Fanaticism and Firing Bullets:
Simple Ingredients to Enhance Your Business or Home
3 Lines Then Longer Version
Dreams are important, but extended stick-to-itiveness and dedication to one’s strategic plan are also essential factors for success in the workplace (and other aspects of life).
Since no one knows the future, the safest and best route to clarity is to test ones ideas through small-scale, low-risk projects.
These ideas are manifestations of the sefirot of yesod and malchut, and have been elaborated on in a book I highly recommend Good to Great.
IB Now the longer version…The sefirot for this week and the next are yesod and malchut. These concepts/ traits can be seen within the personality realm in dynamic, assertive individuals (yesods) and determined, strong-minded leaders (malchuts) [see our very popular cheat sheet].
Jim Collins’ new offering Great by Choice highlights some practices that are related to these sefirot, which can greatly enhance your life. I highly recommend the book, along with his other books, for the professional and family realms, as they highlight crucial aspects in yesod and malchut and how these middot/aspects can be harnessed to achieve success.
This new book, based on countless hours of research, entertainingly highlights several key behaviors and practices that highly successful companies virtually always utilize; they are, luckily, behaviors any one of us can master.

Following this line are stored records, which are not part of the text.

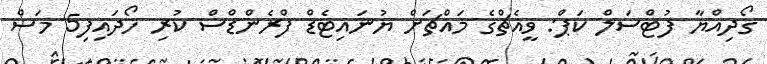
ގޯދިއްޔާ ފުޓްސަލް ކަޕް: ވީއެޗްގެ މައްޗަށް ޔުނައިޓެޑް ފްރެންޑްސް ކުރި ހޯދައިފި5 މަސް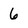
Character: 6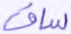
ساق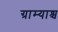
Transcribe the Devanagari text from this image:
ग्राम्याश्च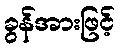
ခွန်အားဖြင့်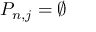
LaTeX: P _ { n , j } = \emptyset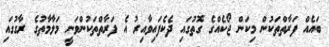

One of the behaviors the authors dub fanatic discipline, which, as it sounds, is a virtually obsessive dedication to the execution of the details of a business plan. The only deviation from the plan, if it is a reasonable one, should come when absolutely necessary; flip-flopping and changing a company’s trajectory is a recipe for failure, as many comparison companies demonstrate. As the book graphically highlights, staying the course with fanatic discipline even during times of unexpected industry and company turmoil is usually the correct course.
Dreams
People get caught up in their dreams. Dreams are wonderful-they keep us hopeful and they are the romantic beginning to any entrepreneurial endeavor; however, simply enjoying ones dreams does not help one to reach their dreams. What will get you to success, the majority of the time, is hard work and patience; it involves genuine, steadfast stick-to-itiveness.

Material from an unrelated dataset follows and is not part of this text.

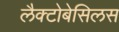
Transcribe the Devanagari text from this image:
लैक्टोबेसिलस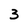
Character: 3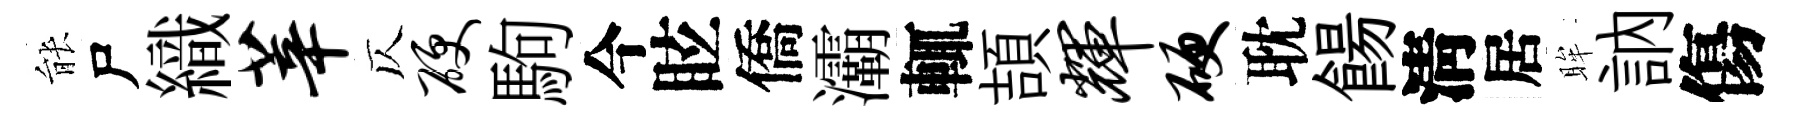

Yesods and malchut-types do not achieve higher levels of success because, using their stronger personalities, they assert themselves over others. Assertiveness is very important, but these types also utilize key unique practices in their work ethic; they maintain a big vision—the dream[1]—and are, more often than not, willing to stay the course. Any personality can practice these behaviors, and, if they do, will find much fruit at the end of their labors.

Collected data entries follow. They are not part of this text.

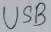
Text: USB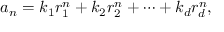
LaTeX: a _ { n } = k _ { 1 } r _ { 1 } ^ { n } + k _ { 2 } r _ { 2 } ^ { n } + \cdots + k _ { d } r _ { d } ^ { n } ,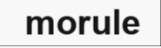
morule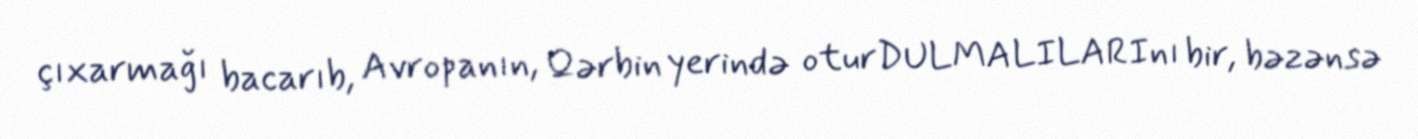
çıxarmağı bacarıb, Avropanın, Qərbin yerində oturDULMALILARInı bir, bəzənsə

One needs to keep a big vision, but a realistic, steady pace. No one has any idea what project will succeed in the future. As Great by Choice recommends, engage in small-scale low-risk testing of your ideas. This will clarify what areas in which to expand and will minimize poisonous emotional deflation; one is to fire “bullets” not “cannonballs”.
[to harness these and other middot/practices order The Seven Ways]
Stick-to-itiveness, determination, and a steady diet of exciting dreams will get you to wherever you want to be. IB [1] Similar to these ideas is a whimsically coined concept seen in another one of his books: a “BHAG” a Big Hairy Audacious Goal (Bee-HAG). Meant to align a company and create synergy, this is a large-scale goal that is a bit audacious, but is manifest in tangible, strategic ways.